Swenson anchors one of the best offensive lines in college football and coming off a year in which he ranked behind only Teven Jenkins and Samuel Cosmi — two second-round talents  — in PFF grade among Big 12 tackles. Swenson got off to a rough start in 2020 but was a crisp pass-protector over his last nine outings. From Week 5 on, he led all Power Five tackles in pass-block grade.

Second-Team: T.J. Storment, Texas Tech
Third-Team: Connor Galvin, Baylor
Honorable Mention: Sean Foster, Iowa State

First-Team: Derek Kerstetter, Texas

Kerstetter broke out in a big way in 2019. Playing primarily at right tackle that year, he posted the third-best pass-block grade among FBS tackles at 91.6. He kicked inside to center in 2020, and his grade dipped to 77.2 as a result. The good news is that he is expected to move back to right tackle for 2021.
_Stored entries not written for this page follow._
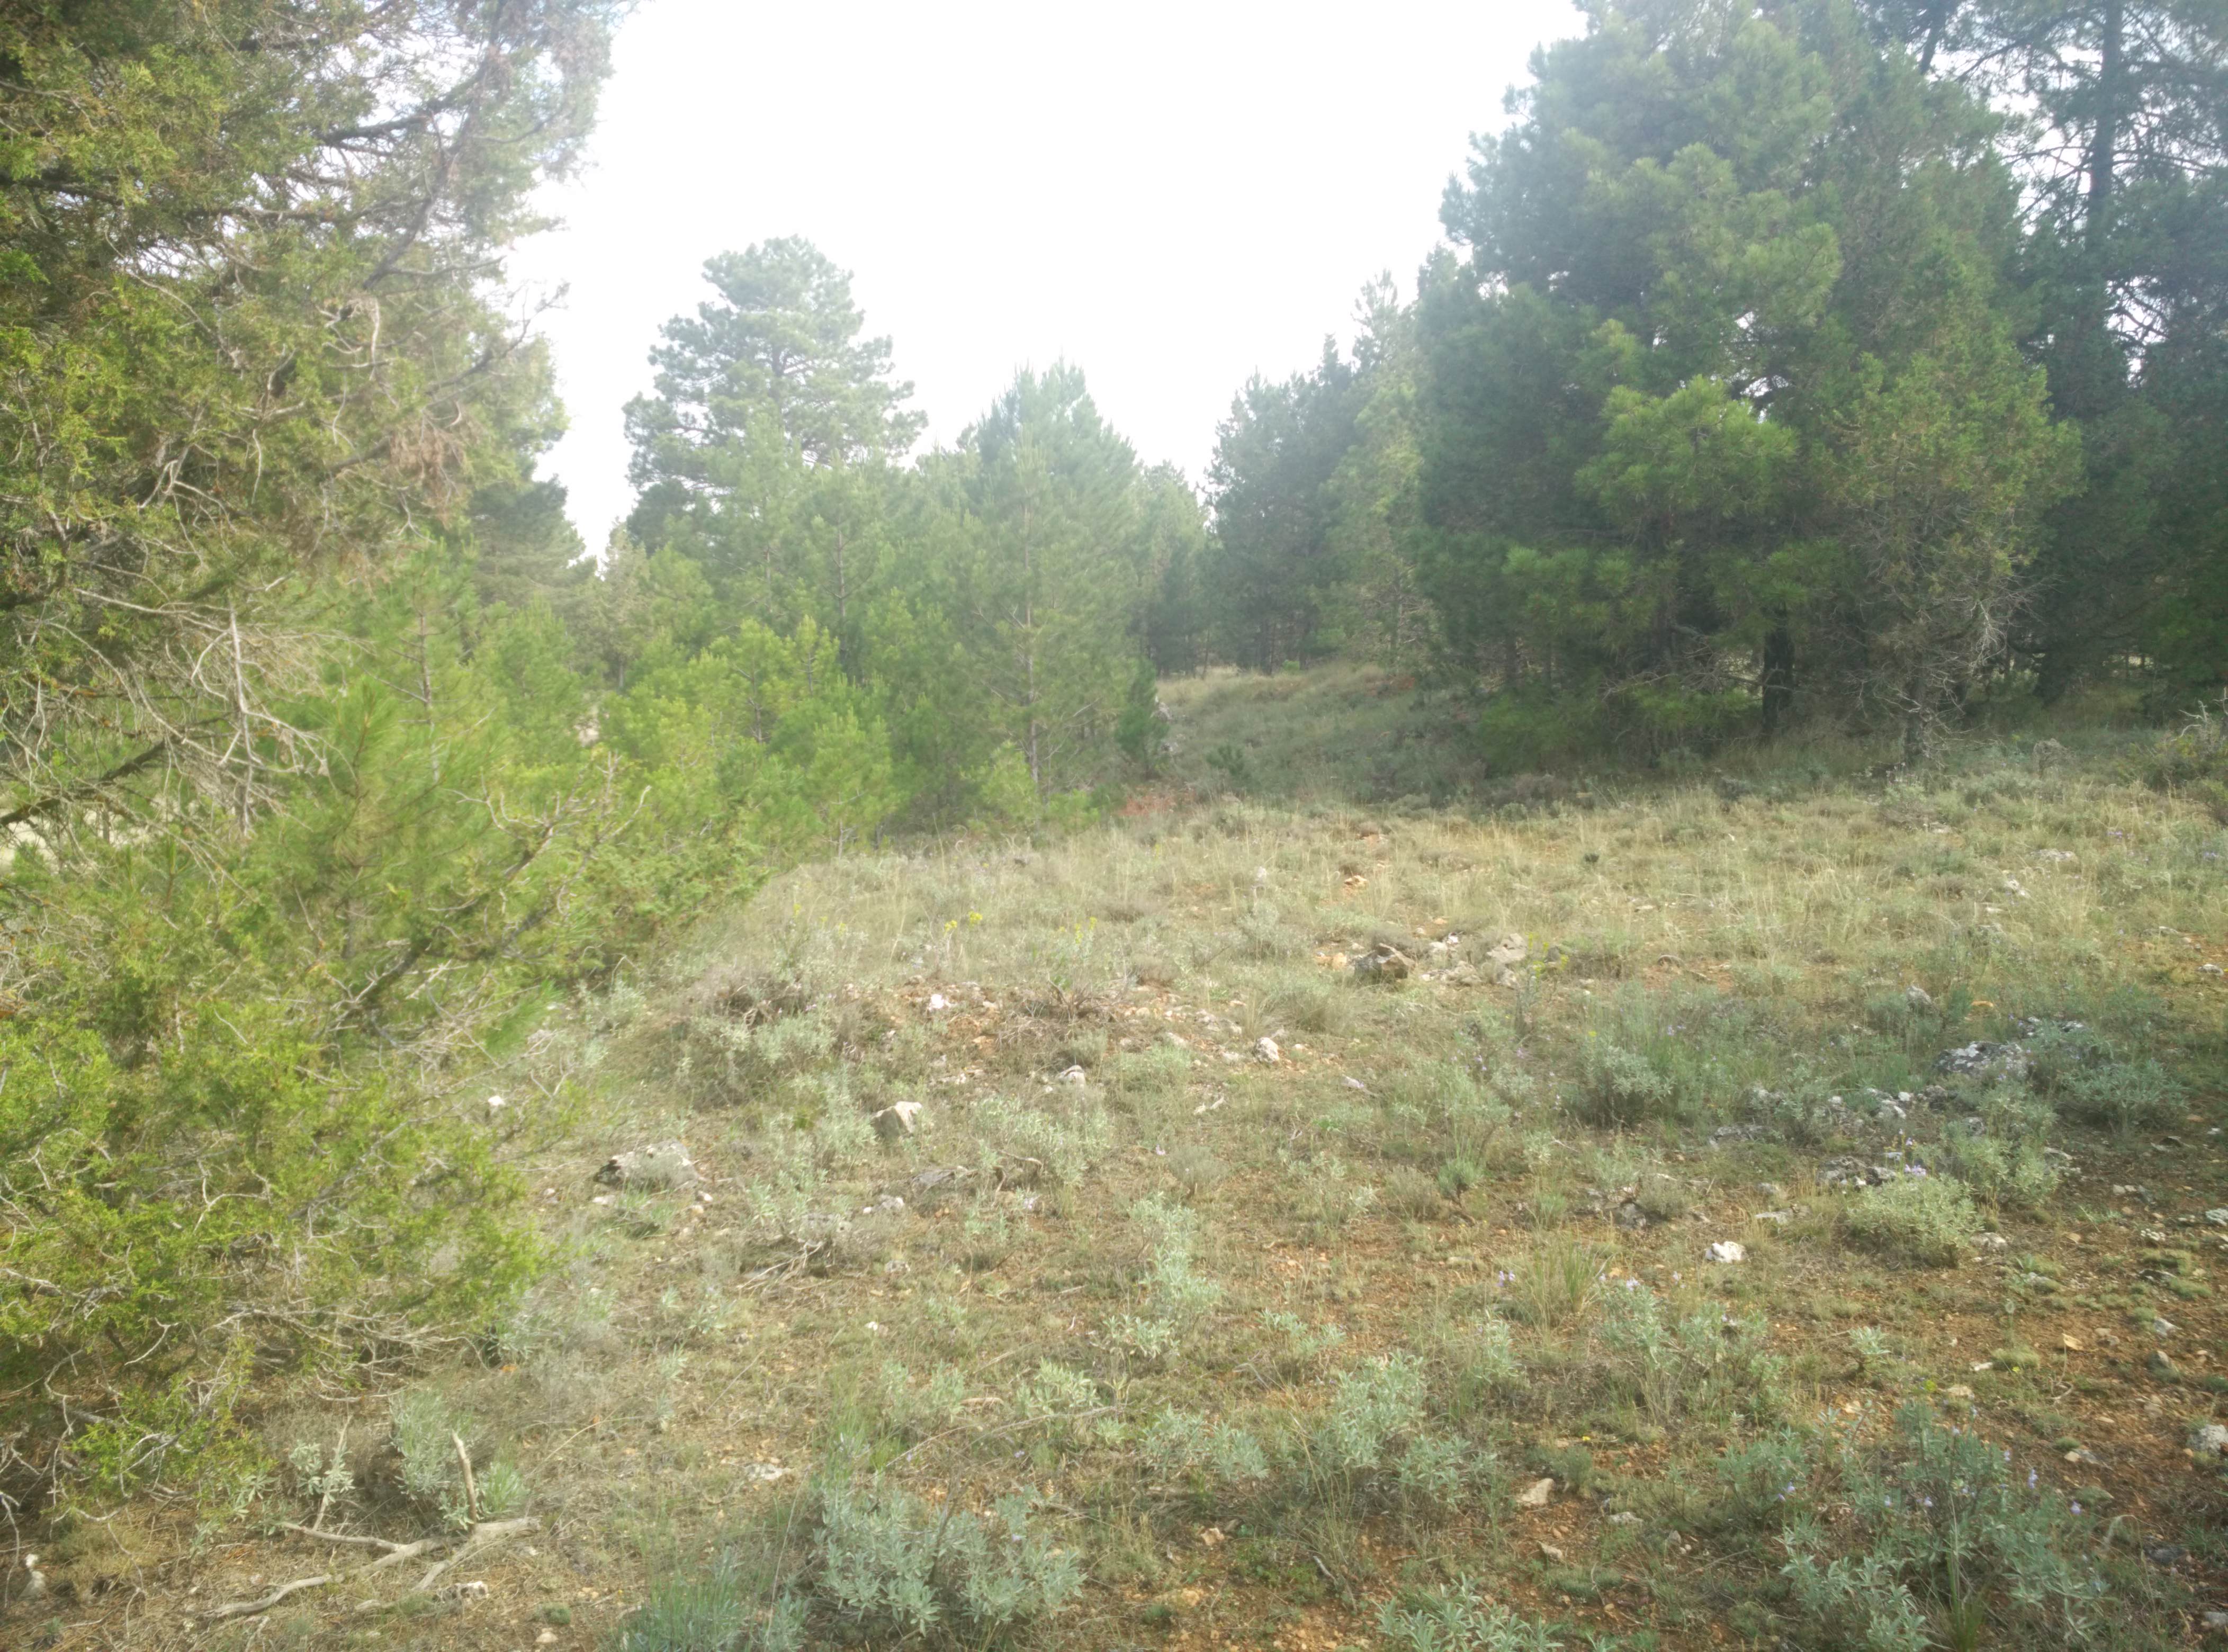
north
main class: Woodland
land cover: Pine dominated coniferous woodland
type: coniferous forest of the mediterranean region
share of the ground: 25 - 50 %
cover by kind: unconsolidated bare surface 40 %, coniferous forest trees 35 %, shrubs 20 %, herbaceous plants 5 %
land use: Semi-natural and natural areas not in use
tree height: > 5 m
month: June
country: ES
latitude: 40.7343
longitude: -1.9933

Second-Team: Anton Harrison, Oklahoma
Third-Team: Obinna Eze, TCU
Honorable Mention: Cooper Beebe, Kansas State


First-Team: Dawson Deaton, Texas Tech

Deaton's pass-blocking grade rocketed from 54.8 in 2019 to 77.3 in 2020. Technical improvement was a key driver in that rise, but he also cleared up the issues he had snapping the football, cutting the number of bad snaps threefold.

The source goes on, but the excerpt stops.